If a line in the data has the string "Inside", please show it.

*Data to use:*
+++

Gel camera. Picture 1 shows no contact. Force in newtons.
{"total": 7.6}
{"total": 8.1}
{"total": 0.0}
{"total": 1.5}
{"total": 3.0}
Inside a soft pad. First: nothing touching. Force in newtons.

+++

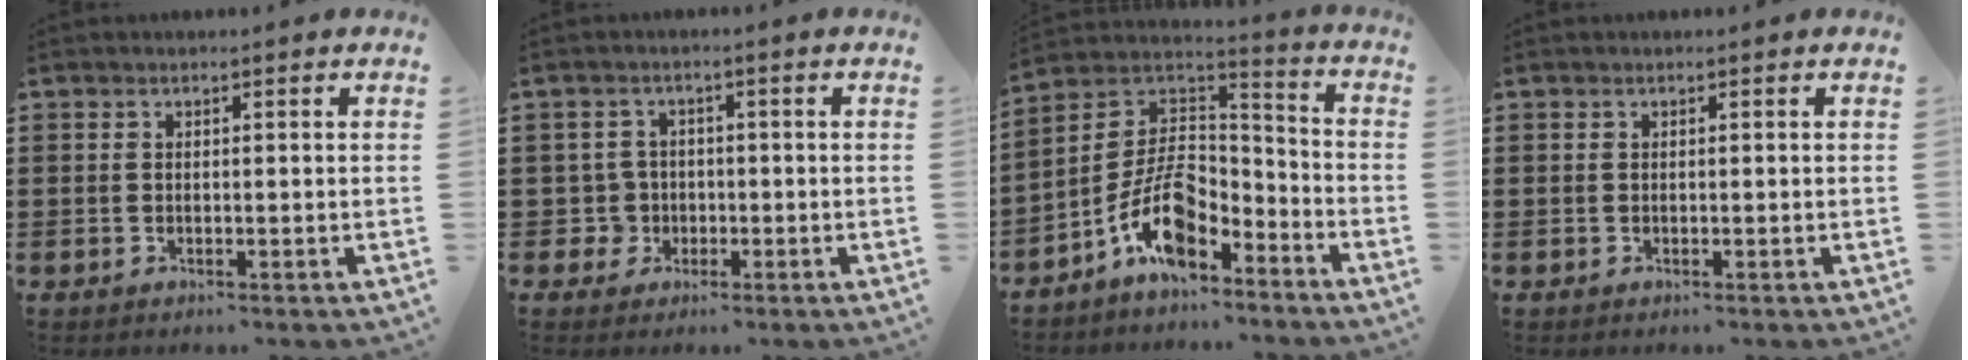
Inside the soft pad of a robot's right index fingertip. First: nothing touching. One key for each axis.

+++

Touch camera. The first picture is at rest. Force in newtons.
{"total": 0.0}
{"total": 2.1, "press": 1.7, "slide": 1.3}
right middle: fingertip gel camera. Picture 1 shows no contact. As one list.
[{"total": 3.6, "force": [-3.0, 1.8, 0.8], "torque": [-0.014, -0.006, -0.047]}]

+++

*Answer space:*
Inside a soft pad. First: nothing touching. Force in newtons.
Inside the soft pad of a robot's right index fingertip. First: nothing touching. One key for each axis.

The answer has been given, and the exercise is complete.